Rian menjelaskan, dalam kasus ini sebenarnya ada rangkaian-rangkaian yang bisa dipertimbangkan oleh hakim, seperti halnya hasil psikologis, hasil pemeriksaan oleh kepolisian dan kejaksaan, serta juga fakta-fakta yang terungkap dalam persidangan. “Hakim seharusnya menggali itu,” sebutnya.
Meskipun begitu, Rian berharap untuk pada kasus lainnya agar ada payung hukum yang kuat untuk melindungi para korban pelecehan seksual.
“Kasus kekerasan seksual ini sudah menjadi bom waktu dan beberapa tahun terakhir kasus ini terus-menerus mencuat ke publik,” tegasnya.
Rian juga berpendapat, dari putusan yang dibacakan siang tadi akan menjadi preservasi (perlindungan) yang buruk bagi para penyintas, karena sebelum putusan ini pun penyintas masih banyak yang belum berani mengungkapkan kasusnya.

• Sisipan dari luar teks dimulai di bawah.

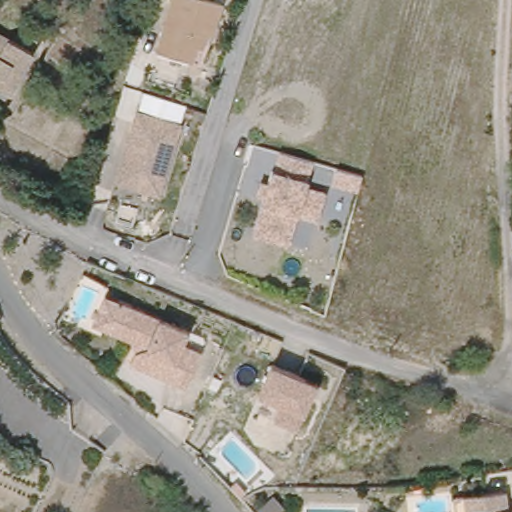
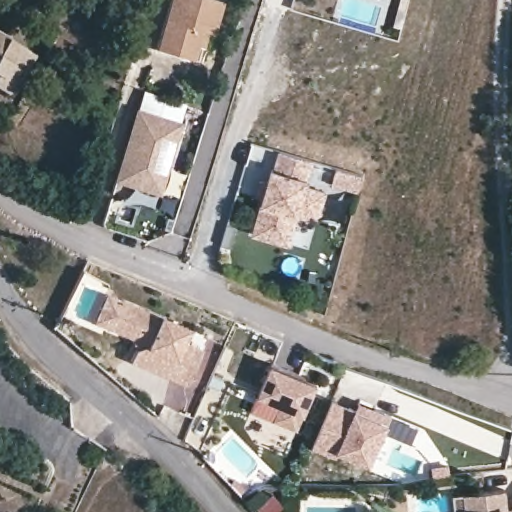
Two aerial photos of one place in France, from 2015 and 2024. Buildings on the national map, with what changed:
unchanged [(196,45),(192,59),(155,48),(170,0),(221,0),(222,0),(212,34),(206,32),(202,47),(196,45)]
unchanged [(2,41),(30,57),(5,98),(0,95),(0,40),(2,41)]
unchanged [(180,122),(158,192),(115,178),(137,109),(180,122)]
unchanged [(307,160),(300,186),(320,192),(312,219),(292,213),(283,243),(248,233),(267,169),(270,170),(275,151),(307,160)]
unchanged [(187,341),(206,349),(191,384),(135,360),(140,349),(135,337),(116,329),(97,321),(110,293),(128,301),(192,328),(187,341)]
unchanged [(297,424),(274,414),(281,398),(258,388),(271,357),(317,377),(297,424)]
new [(332,398),(355,408),(358,400),(390,414),(370,463),(337,449),(335,455),(312,445),(332,398)]
unchanged [(467,508),(465,488),(475,487),(505,483),(507,502),(512,502),(512,512),(470,512),(470,508),(467,508)]

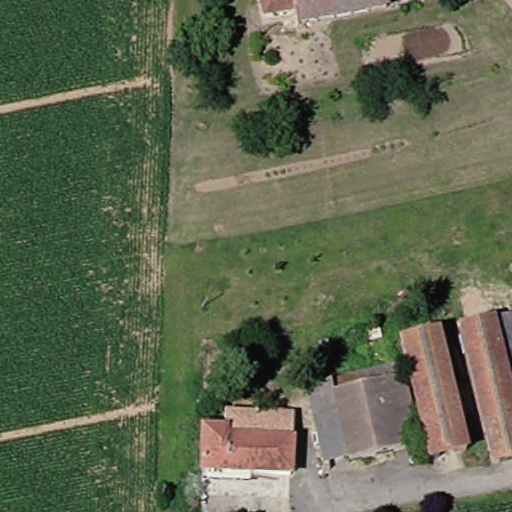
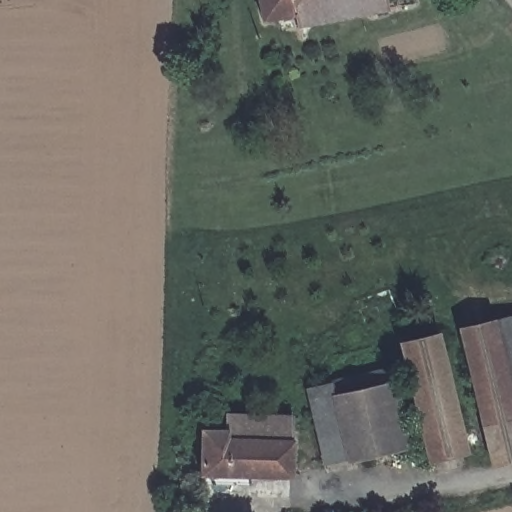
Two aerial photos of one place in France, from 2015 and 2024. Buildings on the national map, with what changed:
unchanged [(287,10),(252,16),(250,0),(379,0),(380,5),(288,19),(287,10)]
unchanged [(512,314),(512,404),(507,405),(485,317),(511,312),(512,314)]
unchanged [(512,457),(485,463),(451,324),(485,317),(507,405),(512,429),(512,457)]
unchanged [(397,342),(431,335),(458,454),(425,460),(397,342)]
unchanged [(328,378),(397,367),(413,448),(345,460),(328,378)]
unchanged [(192,467),(192,426),(219,426),(219,413),(287,413),(288,466),(273,466),(195,467),(192,467)]
unchanged [(250,482),(195,483),(195,467),(273,466),(273,476),(250,476),(250,482)]

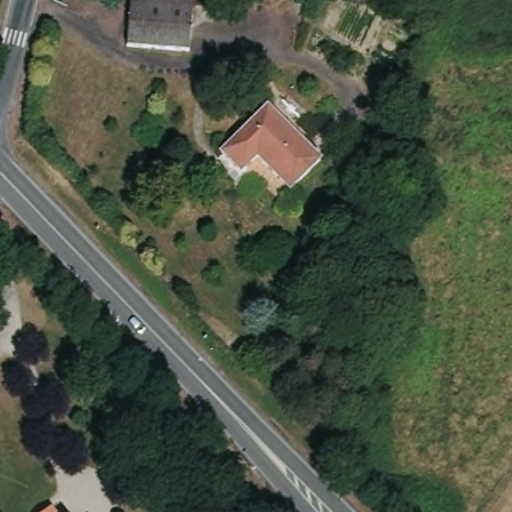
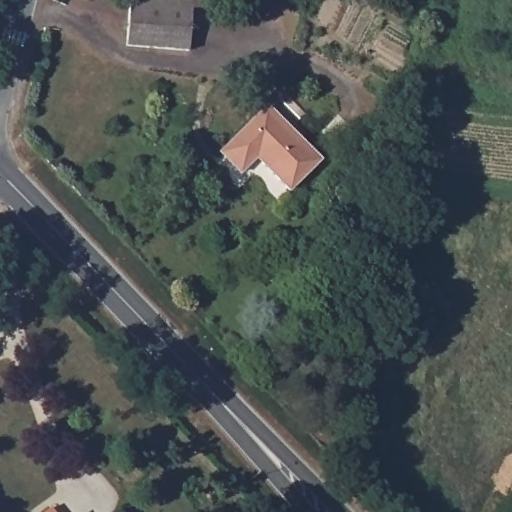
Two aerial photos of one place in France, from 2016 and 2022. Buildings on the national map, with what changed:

“Putusan ini akan menjadi preservasi yang buruk bagi penyintas, sebab masih banyak penyintas yang belum berani mengungkapkan kasusnya atau perbuatan yang pernah dialaminya oleh pelaku kekerasan seksual lantaran tidak ada payung hukum yang mampu menegakan keadilan, maka terhadap kasus ini semakin memperkuat anggapan itu,” cetusnya.
Secara terpisah, Korps Mahasiswa Hubungan Internasional (KOMAHI) Fisip Unri, juga menyampaikan rasa yang sama, yakni kecewa terhadap vonis bebas yang dijatuhkan majelis hakim PN Pekanbaru terhadap terdakwa SH. Hal ini disampaikan oleh Vice Mayor Komahi, Voppi Rosea Bulki.
“Seharusnya majelis hakim mampu melihat dampak-dampak psikis yang dialami korban dan paham bahwa kasus pelecehan seksual pasti minim saksi,” kata Voppi saat dihubungi.
Selain kecewa, Komahi yang dari awal juga mengawal kasus ini merasa sedih atas vonis bebas tersebut. Dan akan mendesak kejaksaan agar melakukan kasasi.
“Kami dari pihak mahasiswa pastinya sedih dan kecewa dengan putusan hari ini. Namun oleh karena itu kami tetap menghormati keputusan majelis hakim dan meminta kejaksaan agar melakukan kasasi”. pungkasnya.
Sebelumnya, Komahi Fisip Unri menjelang adanya putusan ini menyerahkan petisi kepada pihak Pengadilan Negeri Pekanbaru, pada Senin, (28/3).
Petisi yang diinisiasi oleh Komahi itu didaftarkan melalui Pusat Pelayanan PN Pekanbaru dan ditujukan untuk Ketua PN Pekanbaru.
Sebanyak 41 ribu orang telah memberikan dukungan atas petisi ini lewat platform change.org.
Petisi tersebut mendesak hakim agar dapat menghukum terdakwa kasus dugaan pelecehan seksual mahasiswi Unri, yakni Dekan Fisip Unri nonaktif Syafri Harto, secara maksimal.